In June 2017, Jeff Murphy, an alleged Searcher from Batavia, Illinois, died of an apparent fall near the 7,000-foot Turkey Pen Peak in Yellowstone National Park. The same month, Paris Wallace, a pastor from Grand Junction, Colorado, died near the Rio Grande. The deaths have only garnered more publicity for the treasure hunt, spurring stories by Nightline, The New York Times, CBS News, and others.

The Searchers aren’t the only ones at risk. Fenn and his family have found strangers digging in his backyard for the treasure, he says. One woman wandered up the driveway to pray. In April 2017, Fenn sought a restraining order against a 55-year-old Texan who showed up at his home taking photos.

Despite all this, Fenn insists it would be wrong to halt the hunt. “If I called off the search, what would I say to the 350,000 people who have had wonderful experiences hiking in the mountains with no ill effects except but a few mosquito bites?” he says. “An average of 12 people die each year at the Grand Canyon. There is a risk in nearly everything we do.”

Paul Ashby in the former bedroom of his son, Eric, at his home in Townsend, Tennessee.

Daymon Gardner

After graduating from high school, Eric Ashby started cooking in restaurant kitchens around Townsend, nursing dreams of becoming a professional chef. With a wave of dark hair, mischievous eyes, and a ready laugh, he made friends easily. He never had much money, according to Heather Britt, a friend of his, but he didn’t seem to care about material things.

Then, in 2014, a motorcycle accident left Eric with a gangrenous leg. He told his dad that a doctor prescribed him oxycodone for the pain, and he got hooked. Though Eric fully recovered from the accident, “he couldn’t get away from the pills,” Paul recalls. Later, Eric took a swing at a plainclothes police officer who had pulled him over. He was convicted of assault and sentenced to seven years’ probation.

Eric first heard about Fenn’s treasure hunt in early 2016. He immediately geeked out over the riddle. As a child, Eric had immersed himself in fantasy books and sci-fi shows like The X-Files, and Fenn’s puzzle had a similar allure. Tempted by the mystery and still struggling to overcome his oxy habit, in April 2016 Eric moved to Colorado Springs, where he had some friends. He knew he was violating his probation but thought that if he stayed in Townsend he’d end up back in jail anyway.

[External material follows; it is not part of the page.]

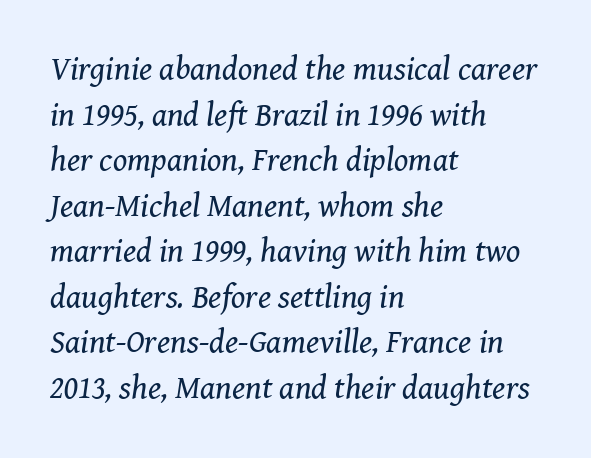
The image shows 33 px regular-weight serif type, italic (leaning right); set left-aligned, normal line spacing (1.38x), normal letter spacing, not underlined; medium stroke contrast and a medium x-height.
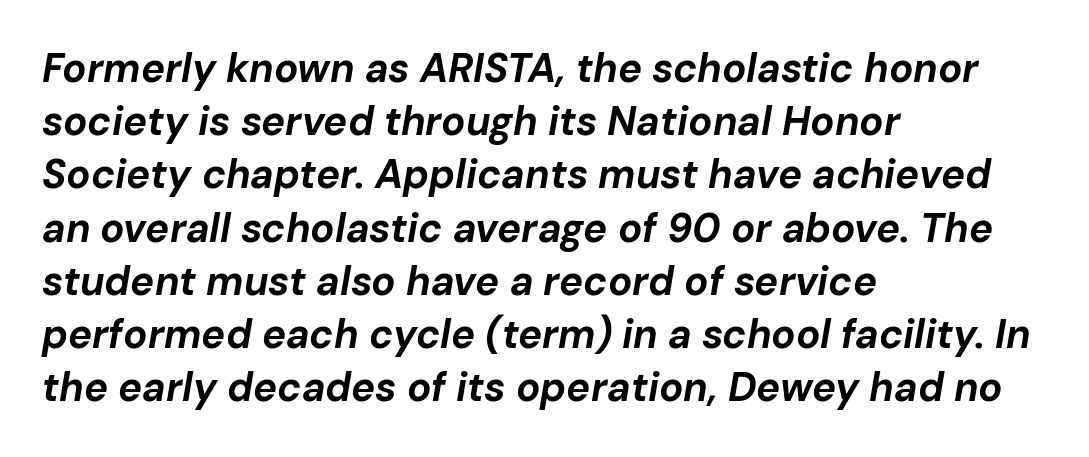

The change of scenery was just what he needed. He kicked the pills, his friends say, and found a job as a server at Edelweiss, a kitschy German restaurant. He lived in his car for a while to save money and started dating Jamie Longworth, a local medical marijuana grower.

Eric Ashby

By early 2017 Eric had become consumed by Fenn’s treasure hunt, talking about it incessantly. He often stayed up late after waiting tables, smoking weed and compiling clues on his laptop. He tracked possible locations for the treasure on maps, homing in on Royal Gorge Park an hour away. Often he’d call Longworth to tell her how close he was to decoding Fenn’s clues. Eric wasn’t driven by money, she says. He enjoyed the intellectual puzzle of it all. “He was one of the smartest guys I ever met,” Longworth recalls. “He would say his goal in life was to be fascinated by a blade of grass.”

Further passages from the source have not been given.